**The task**
Lines before the one containing "པ་སྣོམ་པ་པོ་དང" are to be left out; reproduce that line and all the rest of the entries exactly.

**Raw data**

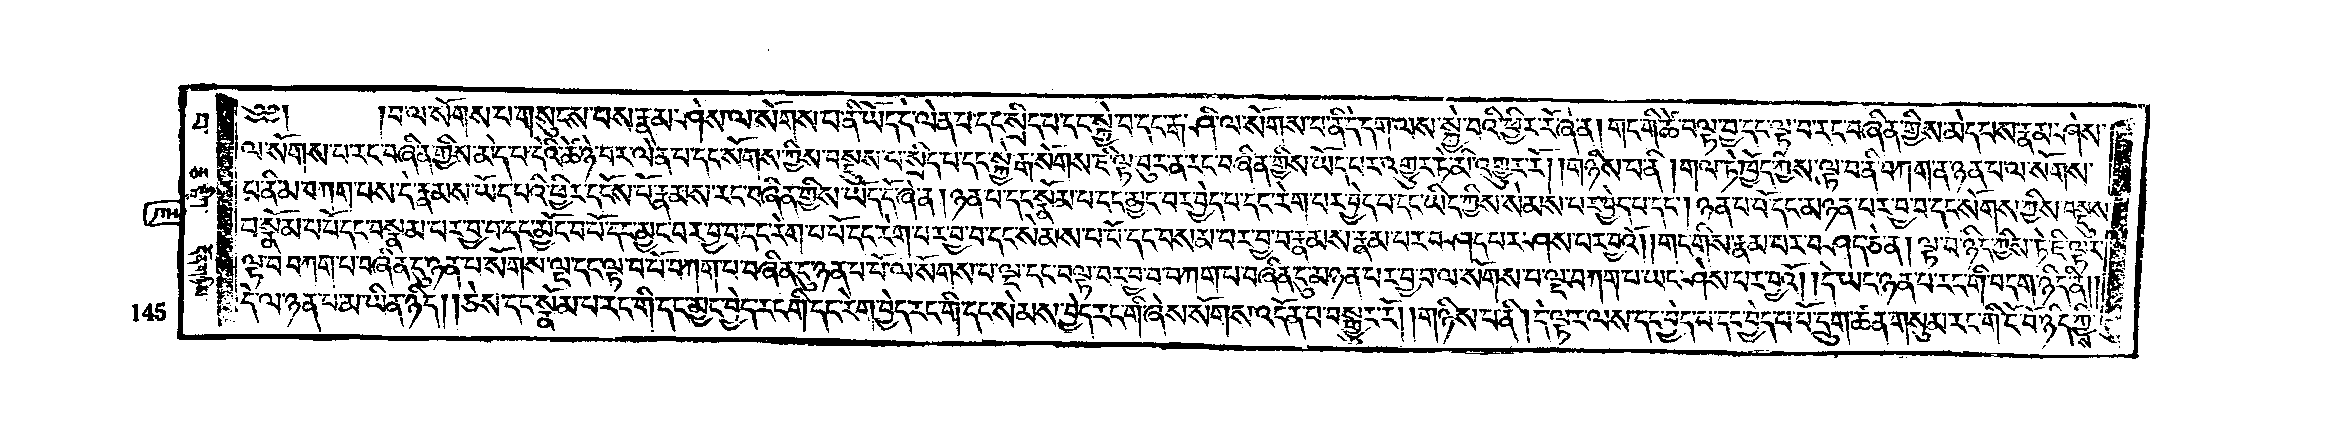༄༅། །བ་ལ་སོགས་པ་གསུངས་པས་རྣམ་ཤེས་ལ་སོགས་པ་ནི་ཡོད་དེ་ལེན་པ་དང་སྲིད་པ་དང་སྐྱེ་བ་དང་རྒ་ཤི་ལ་སོགས་པ་ནི་དེ་དག་ལས་སྐྱེ་བའི་ཕྱིར་རོ་ཞེ་ན། གང་གི་ཚེ་བལྟ་བྱ་དང་ལྟ་བ་རང་བཞིན་གྱིས་མེད་པས་རྣམ་ཤེས་
ལ་སོགས་པ་རང་བཞིན་གྱིས་མེད་པ་དེའི་ཚེ་ཉེ་བར་ལེན་པ་དང་སོགས་ཀྱིས་བསྡུས་པ་སྲིད་པ་དང་སྐྱེ་རྒ་སོགས་ཇི་ལྟ་བུར་ན་རང་བཞིན་གྱིས་ཡོད་པར་འགྱུར་ཏེ་མི་འགྱུར་རོ། །གཉིས་པ་ནི། གལ་ཏེ་ཁྱོད་ཀྱིས་ལྟ་བ་ནི་བཀག་ན་ཉན་པ་ལ་སོགས་
པ་ནི་མ་བཀག་པས་དེ་རྣམས་ཡོད་པའི་ཕྱིར་དངོས་པོ་རྣམས་རང་བཞིན་གྱིས་ཡོད་དོ་ཞེ་ན། ཉན་པ་དང་སྣོམ་པ་དང་མྱང་བར་བྱེད་པ་དང་རེག་པར་བྱེད་པ་དང་ཡིད་ཀྱིས་སེམས་པར་བྱེད་པ་དང་། ཉན་པ་པོ་དང་མཉན་པར་བྱ་བ་དང་སོགས་ཀྱིས་བསྡུས་
པ་སྣོམ་པ་པོ་དང་བསྣམ་པར་བྱ་བ་དང་མྱོང་བ་པོ་དང་མྱང་བར་བྱ་བ་དང་རེག་པ་པོ་དང་རེག་པར་བྱ་བ་དང་སེམས་པ་པོ་དང་བསམ་པར་བྱ་བ་རྣམས་རྣམ་པར་བཤད་པར་ཤེས་པར་བྱའོ། ཉན་པ་པོ་དང་མཉན་པར་བྱ་བ་དང་སོགས་ཀྱིས་བསྡུས་
ལྟ་བ་བཀག་པ་བཞིན་དུ་ཉན་པ་སོགས་ལྔ་དང་ལྟ་བ་པོ་བཀག་པ་བཞིན་དུ་ཉན་པ་པོ་ལ་སོགས་པ་ལྔ་དང་བལྟ་བར་བྱ་བ་བཀག་པ་བཞིན་དུ་མཉན་པར་བྱ་བ་ལ་སོགས་པ་ལྔ་བཀག་པ་ཡང་ཤེས་པར་བྱའོ། །ད་ཡང་ཉན་པ་རང་གི་བདག་ཉིད་ནི། །
དེ་ལ་ཉན་པ་མ་ཡིན་ཉིད། །ཅེས་དང་སྣོམ་པ་རང་གི་དང་མྱང་བྱེད་རང་གི་དང་རེག་བྱེད་རང་གི་དང་སེམས་བྱེད་རང་གི་ཞེས་སོགས་འདོན་པ་བསྒྱུར་རོ། །གཉིས་པ་ནི། དེ་ལྟར་ལས་དང་བྱེད་པ་དང་བྱེད་པ་པོ་དྲུག་ཚན་གསུམ་རང་གི་ངོ་བོ་ཉིད་ཀྱིས་

**Your solution**
པ་སྣོམ་པ་པོ་དང་བསྣམ་པར་བྱ་བ་དང་མྱོང་བ་པོ་དང་མྱང་བར་བྱ་བ་དང་རེག་པ་པོ་དང་རེག་པར་བྱ་བ་དང་སེམས་པ་པོ་དང་བསམ་པར་བྱ་བ་རྣམས་རྣམ་པར་བཤད་པར་ཤེས་པར་བྱའོ། ཉན་པ་པོ་དང་མཉན་པར་བྱ་བ་དང་སོགས་ཀྱིས་བསྡུས་
ལྟ་བ་བཀག་པ་བཞིན་དུ་ཉན་པ་སོགས་ལྔ་དང་ལྟ་བ་པོ་བཀག་པ་བཞིན་དུ་ཉན་པ་པོ་ལ་སོགས་པ་ལྔ་དང་བལྟ་བར་བྱ་བ་བཀག་པ་བཞིན་དུ་མཉན་པར་བྱ་བ་ལ་སོགས་པ་ལྔ་བཀག་པ་ཡང་ཤེས་པར་བྱའོ། །ད་ཡང་ཉན་པ་རང་གི་བདག་ཉིད་ནི། །
དེ་ལ་ཉན་པ་མ་ཡིན་ཉིད། །ཅེས་དང་སྣོམ་པ་རང་གི་དང་མྱང་བྱེད་རང་གི་དང་རེག་བྱེད་རང་གི་དང་སེམས་བྱེད་རང་གི་ཞེས་སོགས་འདོན་པ་བསྒྱུར་རོ། །གཉིས་པ་ནི། དེ་ལྟར་ལས་དང་བྱེད་པ་དང་བྱེད་པ་པོ་དྲུག་ཚན་གསུམ་རང་གི་ངོ་བོ་ཉིད་ཀྱིས་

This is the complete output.